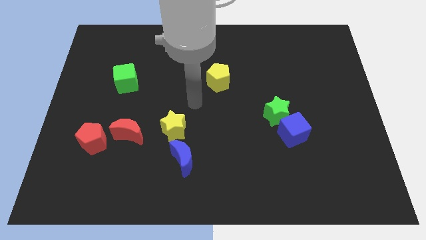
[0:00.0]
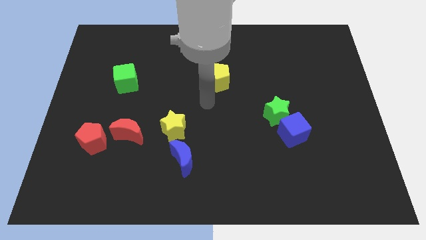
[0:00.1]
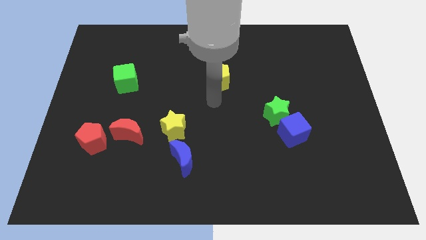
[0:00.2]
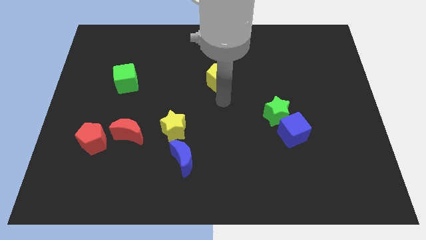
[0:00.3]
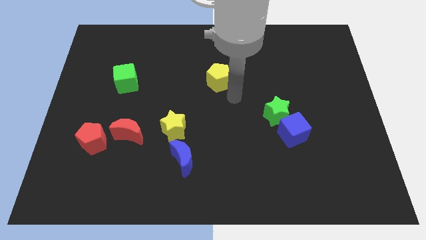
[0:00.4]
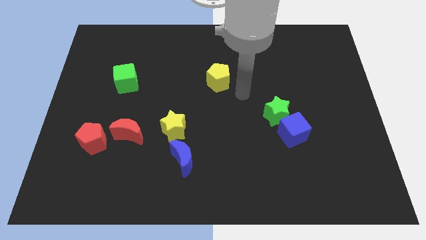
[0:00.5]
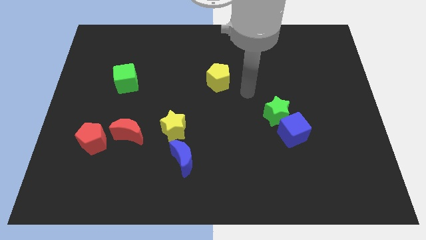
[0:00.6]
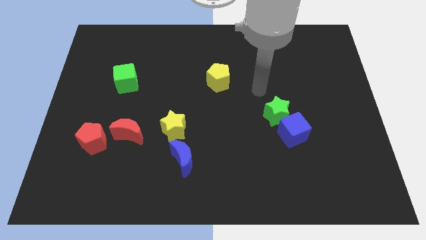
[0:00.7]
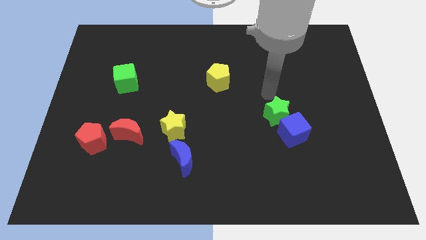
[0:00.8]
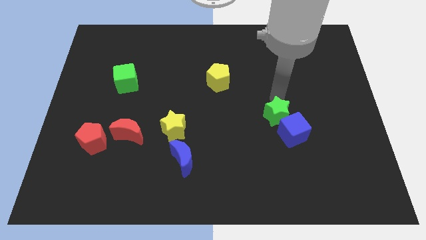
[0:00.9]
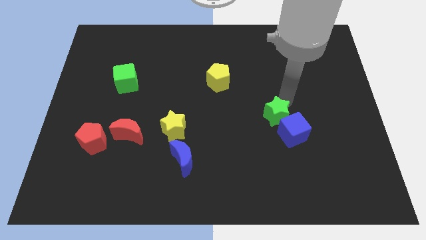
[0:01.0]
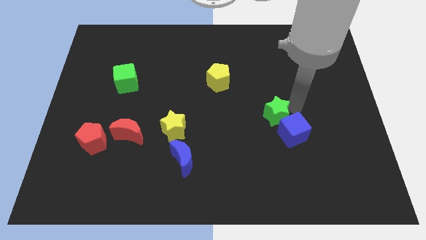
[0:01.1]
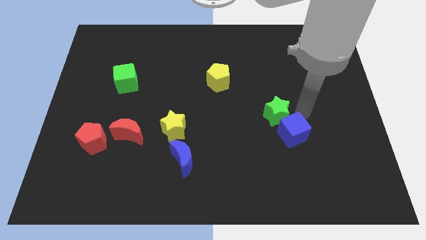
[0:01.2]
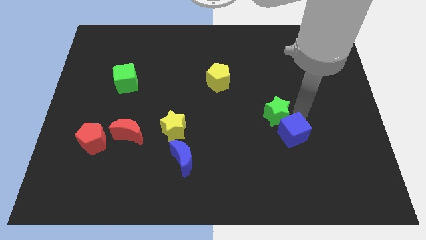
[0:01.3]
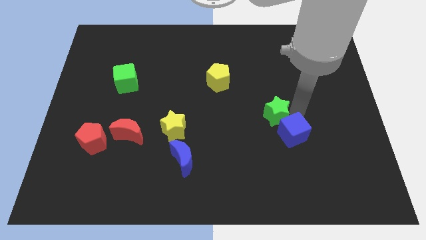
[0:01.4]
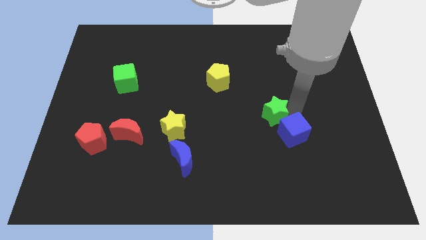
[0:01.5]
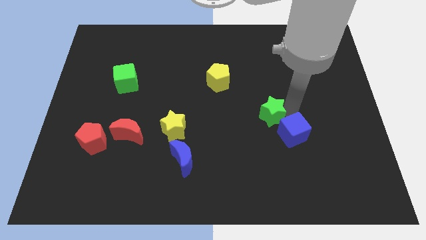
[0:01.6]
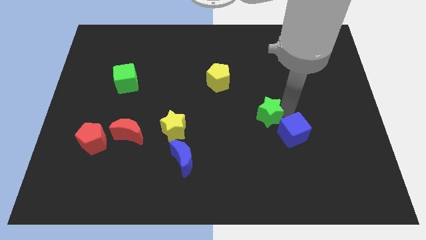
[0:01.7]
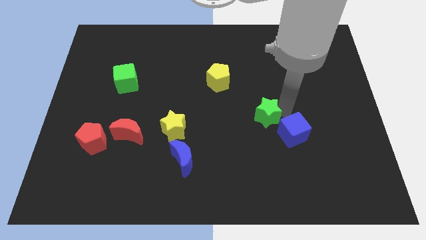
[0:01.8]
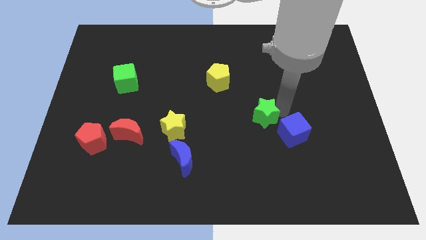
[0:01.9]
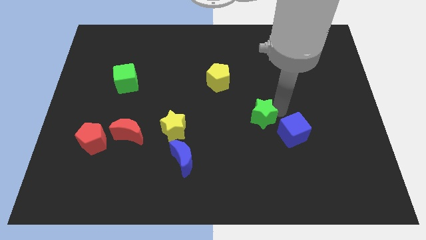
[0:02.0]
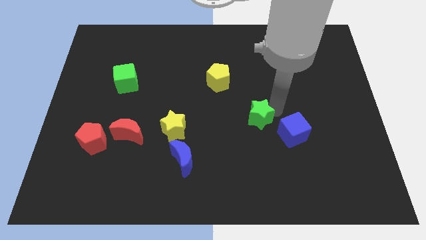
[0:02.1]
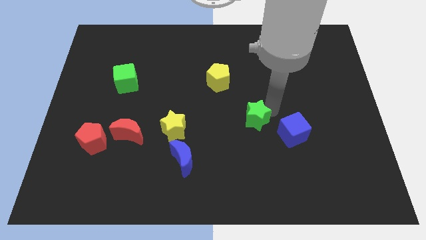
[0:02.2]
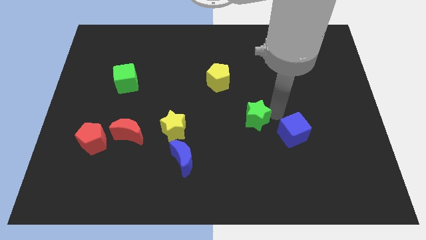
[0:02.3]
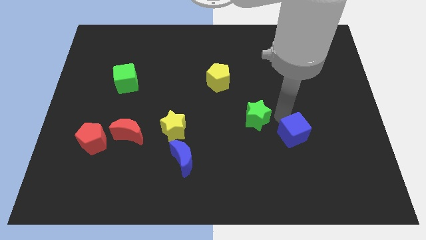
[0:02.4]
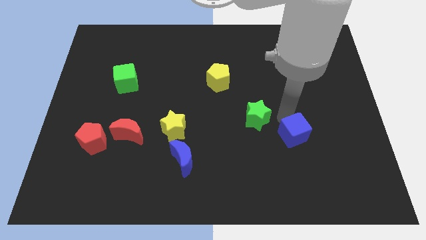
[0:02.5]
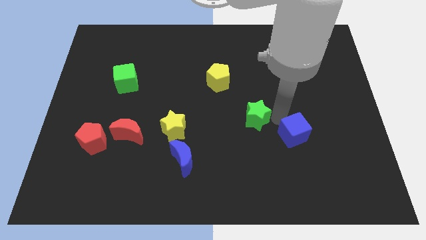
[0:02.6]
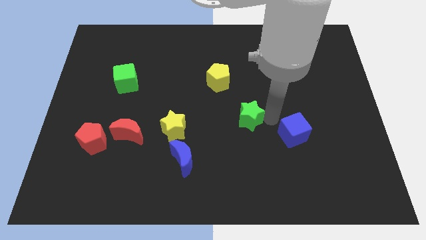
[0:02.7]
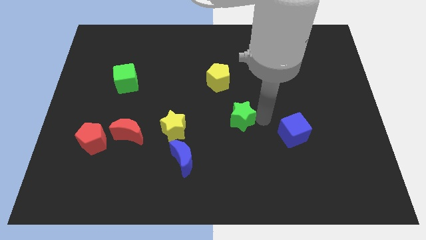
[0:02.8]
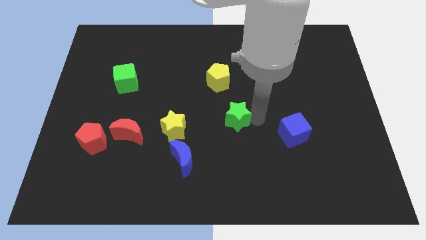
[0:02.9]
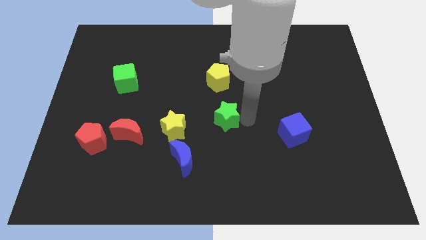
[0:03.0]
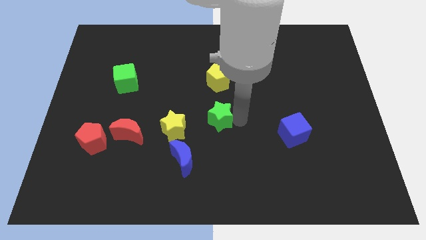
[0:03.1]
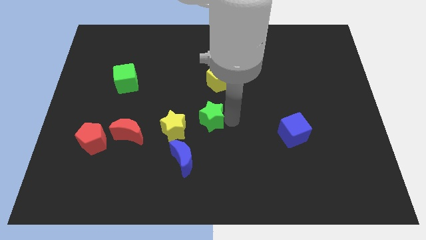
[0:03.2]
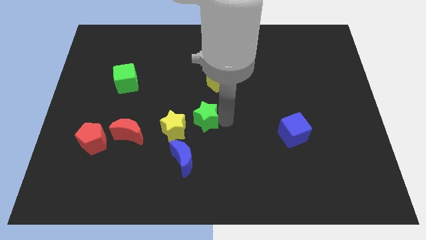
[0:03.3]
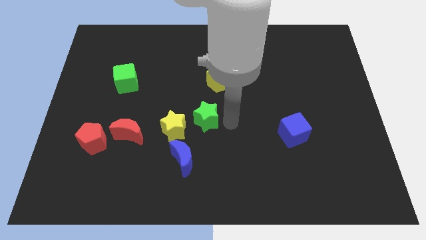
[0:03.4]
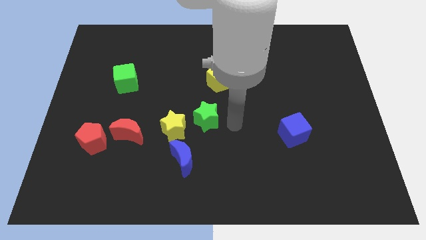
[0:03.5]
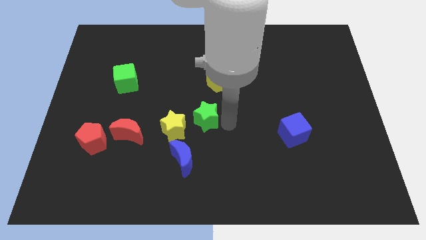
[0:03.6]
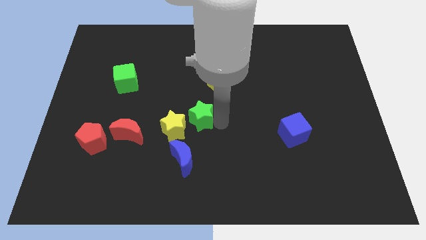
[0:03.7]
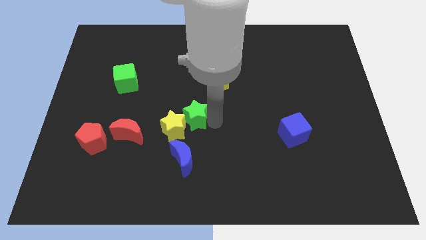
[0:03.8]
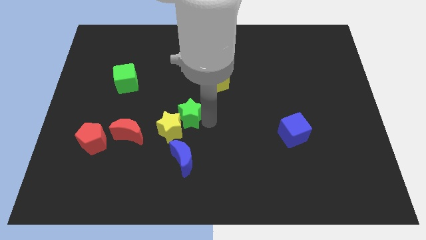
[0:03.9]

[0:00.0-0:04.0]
slide the green star left

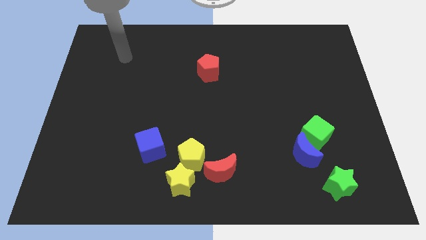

◆ What is expected: Each word of the data should be repeated exactly, and the pictures left out.

◆ Task result:
[0:00.0]
[0:00.1]
[0:00.2]
[0:00.3]
[0:00.4]
[0:00.5]
[0:00.6]
[0:00.7]
[0:00.8]
[0:00.9]
[0:01.0]
[0:01.1]
[0:01.2]
[0:01.3]
[0:01.4]
[0:01.5]
[0:01.6]
[0:01.7]
[0:01.8]
[0:01.9]
[0:02.0]
[0:02.1]
[0:02.2]
[0:02.3]
[0:02.4]
[0:02.5]
[0:02.6]
[0:02.7]
[0:02.8]
[0:02.9]
[0:03.0]
[0:03.1]
[0:03.2]
[0:03.3]
[0:03.4]
[0:03.5]
[0:03.6]
[0:03.7]
[0:03.8]
[0:03.9]

[0:00.0-0:04.0]
slide the green star left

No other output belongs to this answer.